A major push to win new business with Mexico, Korea, Canada, and Japan is to be made as part of the Government’s Brexit-proofing efforts.
Tánaiste Frances Fitzgerald has commissioned an examination of the economic opportunities that may be available to Ireland through EU Free Trade Agreements (FTAs).
It comes after hauliers warned even minor changes to the border after Brexit could have catastrophic effects on the industry.
The Freight Transport Association of Ireland (FTAI) has said that a hard border must be avoided when Britain leaves the EU.
Concerns around future customs arrangements and trade agreements have also been raised after it was claimed that the UK wants to retain all the benefits of EU membership without meeting any of their obligations.
In position papers published this week, the UK Government put forward suggestions on how trade, customs, and the border between Northern Ireland and the Republic would work after Brexit.
While Theresa May’s government claimed that the UK will be pushing for a “seamless and frictionless” border between Northern Ireland and Ireland, Foreign Affairs Minister Simon Coveney continued to warn that we must prepare for a worst-case scenario.
Announcing the study, Ms Fitzgerald said it is important that Ireland now looks to take advantage of the opportunities under existing and prospective free trade agreements, and ensure our businesses are prepared to access new markets and compete internationally.
She said: “I am strongly committed to ensuring that the Government is doing everything possible to respond strongly to the impacts of Brexit and to safeguard Irish jobs in every part of the country, protect investment and expand exports.”
The study will begin in October and will look into taking advantage of agreements between the EU and Korea, Canada, and Japan as well as prospective agreements with Mexico, New Zealand, and Australia.
Meanwhile, Fianna Fáil foreign affairs spokesman Darragh O’Brien said he has “serious concerns” for Ireland if the UK proposals are accepted and said the Government must now fight hard to negotiate a deal in the interests of all Irish exporters.
“Despite confirming that they will leave the single market, the British government supposedly prioritises barrier-free trade with Ireland. Furthermore, while it will exit the customs union, the UK have seemingly made it a priority to avoid the introduction of a new border around Northern Ireland.
“It is therefore becoming increasingly apparent that the British Government is determined to retain all of the benefits of EU membership but without meeting any of their obligations.”
He added that this negotiation position would be “extremely difficult” for Europe and Ireland to agree upon.

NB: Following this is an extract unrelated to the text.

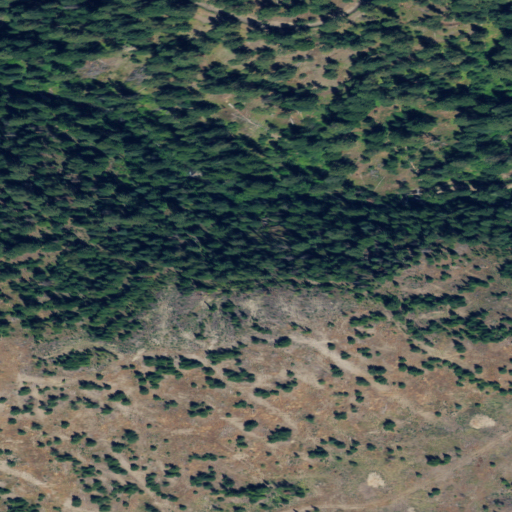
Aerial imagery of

The Irish Creamery Milk Suppliers Association also highlighted the implications that a hard border would have on milk processing. Its president, John Comer, said: “Effectively the UK proposals amount to Boris Johnson’s ‘have cake and eat it’ ambition which seeks to retain trade arrangements with the EU ‘as is’ without any of what they perceive as the disadvantages of membership of either the EU or the customs union.”